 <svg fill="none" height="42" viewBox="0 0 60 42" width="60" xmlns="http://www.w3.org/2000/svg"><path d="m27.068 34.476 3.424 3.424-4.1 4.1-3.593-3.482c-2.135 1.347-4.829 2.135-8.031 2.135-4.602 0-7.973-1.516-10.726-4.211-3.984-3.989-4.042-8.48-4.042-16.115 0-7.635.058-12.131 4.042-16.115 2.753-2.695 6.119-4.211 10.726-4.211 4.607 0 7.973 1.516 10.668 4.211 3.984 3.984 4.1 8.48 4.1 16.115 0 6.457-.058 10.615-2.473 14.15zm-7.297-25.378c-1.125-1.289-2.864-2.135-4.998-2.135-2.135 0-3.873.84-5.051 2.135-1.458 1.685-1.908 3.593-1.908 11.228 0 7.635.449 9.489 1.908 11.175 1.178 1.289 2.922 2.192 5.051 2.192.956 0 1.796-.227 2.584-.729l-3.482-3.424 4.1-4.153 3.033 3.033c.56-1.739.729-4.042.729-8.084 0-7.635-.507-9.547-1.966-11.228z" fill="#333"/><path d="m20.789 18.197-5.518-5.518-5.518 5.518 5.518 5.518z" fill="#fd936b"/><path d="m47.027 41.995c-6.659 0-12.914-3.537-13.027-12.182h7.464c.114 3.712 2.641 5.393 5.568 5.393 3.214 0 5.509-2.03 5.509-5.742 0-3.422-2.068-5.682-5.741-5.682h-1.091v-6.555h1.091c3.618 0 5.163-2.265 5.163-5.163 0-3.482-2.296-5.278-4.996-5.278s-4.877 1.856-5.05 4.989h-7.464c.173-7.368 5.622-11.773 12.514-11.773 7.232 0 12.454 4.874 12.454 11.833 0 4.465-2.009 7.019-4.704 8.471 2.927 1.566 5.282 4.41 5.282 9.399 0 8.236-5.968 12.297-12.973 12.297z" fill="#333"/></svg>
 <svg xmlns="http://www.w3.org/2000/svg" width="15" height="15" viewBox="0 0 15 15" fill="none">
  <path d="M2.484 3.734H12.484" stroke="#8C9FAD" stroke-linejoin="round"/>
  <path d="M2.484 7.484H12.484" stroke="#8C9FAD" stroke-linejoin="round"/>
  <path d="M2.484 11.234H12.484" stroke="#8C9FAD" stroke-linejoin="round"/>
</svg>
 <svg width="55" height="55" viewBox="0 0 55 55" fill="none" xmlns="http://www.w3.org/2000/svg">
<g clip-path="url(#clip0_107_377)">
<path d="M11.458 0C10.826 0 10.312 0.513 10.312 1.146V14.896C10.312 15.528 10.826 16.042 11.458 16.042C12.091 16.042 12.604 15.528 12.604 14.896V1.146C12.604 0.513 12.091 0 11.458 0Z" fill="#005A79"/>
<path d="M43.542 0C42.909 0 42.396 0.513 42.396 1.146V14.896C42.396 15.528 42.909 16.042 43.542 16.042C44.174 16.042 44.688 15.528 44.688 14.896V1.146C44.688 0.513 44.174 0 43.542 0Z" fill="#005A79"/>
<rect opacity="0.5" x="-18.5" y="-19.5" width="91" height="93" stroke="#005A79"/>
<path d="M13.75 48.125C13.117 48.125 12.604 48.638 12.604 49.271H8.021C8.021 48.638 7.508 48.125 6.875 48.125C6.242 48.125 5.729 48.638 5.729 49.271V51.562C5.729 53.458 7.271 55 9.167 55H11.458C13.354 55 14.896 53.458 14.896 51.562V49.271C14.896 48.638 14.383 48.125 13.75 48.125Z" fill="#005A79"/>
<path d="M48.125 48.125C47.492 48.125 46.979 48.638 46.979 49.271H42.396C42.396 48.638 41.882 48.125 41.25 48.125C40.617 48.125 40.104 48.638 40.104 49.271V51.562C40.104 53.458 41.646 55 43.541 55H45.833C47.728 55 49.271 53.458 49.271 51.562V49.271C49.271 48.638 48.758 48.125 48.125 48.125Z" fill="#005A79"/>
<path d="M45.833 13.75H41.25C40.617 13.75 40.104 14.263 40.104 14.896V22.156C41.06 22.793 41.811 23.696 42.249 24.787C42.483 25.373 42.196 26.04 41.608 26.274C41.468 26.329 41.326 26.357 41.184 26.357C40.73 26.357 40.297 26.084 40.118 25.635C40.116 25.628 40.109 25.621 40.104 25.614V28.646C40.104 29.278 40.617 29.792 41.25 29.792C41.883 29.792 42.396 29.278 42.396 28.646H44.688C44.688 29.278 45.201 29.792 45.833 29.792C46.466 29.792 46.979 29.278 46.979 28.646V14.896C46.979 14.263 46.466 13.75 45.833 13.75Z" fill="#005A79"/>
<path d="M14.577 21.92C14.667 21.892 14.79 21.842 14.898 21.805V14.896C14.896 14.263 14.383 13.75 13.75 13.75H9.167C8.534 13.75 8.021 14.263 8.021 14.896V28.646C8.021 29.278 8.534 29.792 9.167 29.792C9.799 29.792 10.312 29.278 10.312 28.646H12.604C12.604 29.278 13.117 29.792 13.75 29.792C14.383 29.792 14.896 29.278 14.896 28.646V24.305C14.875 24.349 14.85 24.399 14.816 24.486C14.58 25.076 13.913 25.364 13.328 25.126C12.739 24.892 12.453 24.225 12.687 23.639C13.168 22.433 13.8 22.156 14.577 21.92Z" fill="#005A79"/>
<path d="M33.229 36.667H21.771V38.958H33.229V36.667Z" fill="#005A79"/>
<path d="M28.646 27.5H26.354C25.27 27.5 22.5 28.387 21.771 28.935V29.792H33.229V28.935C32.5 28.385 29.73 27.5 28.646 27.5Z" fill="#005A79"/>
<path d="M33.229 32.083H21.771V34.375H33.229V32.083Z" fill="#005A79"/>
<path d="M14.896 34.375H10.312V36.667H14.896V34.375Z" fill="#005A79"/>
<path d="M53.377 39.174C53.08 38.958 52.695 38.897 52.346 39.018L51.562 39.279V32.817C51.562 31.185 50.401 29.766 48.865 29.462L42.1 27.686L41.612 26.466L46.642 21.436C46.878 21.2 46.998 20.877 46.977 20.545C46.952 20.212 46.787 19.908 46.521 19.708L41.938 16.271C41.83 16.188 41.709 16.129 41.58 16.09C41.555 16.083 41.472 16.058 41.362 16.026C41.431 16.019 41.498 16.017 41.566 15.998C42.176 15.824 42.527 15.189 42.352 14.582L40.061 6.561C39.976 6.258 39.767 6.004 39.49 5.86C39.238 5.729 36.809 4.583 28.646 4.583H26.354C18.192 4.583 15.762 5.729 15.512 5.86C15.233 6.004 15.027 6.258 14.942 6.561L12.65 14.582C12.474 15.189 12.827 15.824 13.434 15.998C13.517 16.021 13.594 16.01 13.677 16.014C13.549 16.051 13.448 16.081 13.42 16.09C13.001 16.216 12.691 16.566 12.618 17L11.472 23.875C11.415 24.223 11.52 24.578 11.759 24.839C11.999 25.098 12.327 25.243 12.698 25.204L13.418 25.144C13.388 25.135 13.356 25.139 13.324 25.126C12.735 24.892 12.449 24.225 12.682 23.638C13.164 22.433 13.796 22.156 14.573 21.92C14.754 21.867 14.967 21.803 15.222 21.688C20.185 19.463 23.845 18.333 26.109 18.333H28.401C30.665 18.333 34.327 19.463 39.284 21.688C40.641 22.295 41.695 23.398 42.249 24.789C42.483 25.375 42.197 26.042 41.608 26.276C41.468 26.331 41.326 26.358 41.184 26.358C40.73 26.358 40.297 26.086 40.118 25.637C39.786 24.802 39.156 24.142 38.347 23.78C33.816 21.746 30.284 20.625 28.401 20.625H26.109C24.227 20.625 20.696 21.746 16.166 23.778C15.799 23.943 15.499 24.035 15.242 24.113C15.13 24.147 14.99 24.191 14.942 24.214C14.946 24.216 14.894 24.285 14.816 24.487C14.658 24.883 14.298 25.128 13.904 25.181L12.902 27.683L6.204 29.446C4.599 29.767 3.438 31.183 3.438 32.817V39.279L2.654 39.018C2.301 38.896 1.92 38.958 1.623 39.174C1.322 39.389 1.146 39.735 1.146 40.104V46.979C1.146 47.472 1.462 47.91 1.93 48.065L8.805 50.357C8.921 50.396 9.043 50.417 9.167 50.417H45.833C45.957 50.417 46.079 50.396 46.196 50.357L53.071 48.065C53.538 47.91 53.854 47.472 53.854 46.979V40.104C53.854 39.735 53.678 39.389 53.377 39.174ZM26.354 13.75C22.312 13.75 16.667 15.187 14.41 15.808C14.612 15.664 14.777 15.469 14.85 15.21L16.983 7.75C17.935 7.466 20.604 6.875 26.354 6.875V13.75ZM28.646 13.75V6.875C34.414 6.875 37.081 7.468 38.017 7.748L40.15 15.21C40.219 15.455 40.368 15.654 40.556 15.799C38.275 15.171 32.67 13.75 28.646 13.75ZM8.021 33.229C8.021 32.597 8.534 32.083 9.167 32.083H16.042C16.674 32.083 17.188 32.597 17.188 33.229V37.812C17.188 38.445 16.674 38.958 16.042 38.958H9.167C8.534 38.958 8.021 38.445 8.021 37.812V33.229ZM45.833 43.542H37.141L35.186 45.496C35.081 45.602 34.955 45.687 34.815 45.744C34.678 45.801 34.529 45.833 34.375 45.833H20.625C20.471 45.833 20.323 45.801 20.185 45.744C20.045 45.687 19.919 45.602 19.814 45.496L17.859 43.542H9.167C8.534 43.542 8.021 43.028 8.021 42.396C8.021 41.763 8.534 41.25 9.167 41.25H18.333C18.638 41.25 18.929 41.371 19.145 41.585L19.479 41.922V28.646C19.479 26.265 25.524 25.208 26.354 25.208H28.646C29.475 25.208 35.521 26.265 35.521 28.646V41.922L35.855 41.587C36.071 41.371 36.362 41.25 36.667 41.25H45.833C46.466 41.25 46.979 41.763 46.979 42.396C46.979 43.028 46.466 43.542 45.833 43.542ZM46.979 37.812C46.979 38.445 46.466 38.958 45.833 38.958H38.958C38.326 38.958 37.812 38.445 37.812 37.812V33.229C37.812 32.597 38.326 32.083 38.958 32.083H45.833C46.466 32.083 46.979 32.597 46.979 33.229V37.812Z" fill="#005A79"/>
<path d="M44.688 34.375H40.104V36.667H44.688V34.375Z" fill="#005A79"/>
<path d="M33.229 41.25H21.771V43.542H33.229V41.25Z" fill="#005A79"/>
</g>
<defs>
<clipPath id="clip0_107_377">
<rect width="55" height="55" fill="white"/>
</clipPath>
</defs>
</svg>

# # #

__Assignment__: Your answer must consist of every line in the listing that contains "linejoin".

__Your response__:
  <path d="M2.484 3.734H12.484" stroke="#8C9FAD" stroke-linejoin="round"/>
  <path d="M2.484 7.484H12.484" stroke="#8C9FAD" stroke-linejoin="round"/>
  <path d="M2.484 11.234H12.484" stroke="#8C9FAD" stroke-linejoin="round"/>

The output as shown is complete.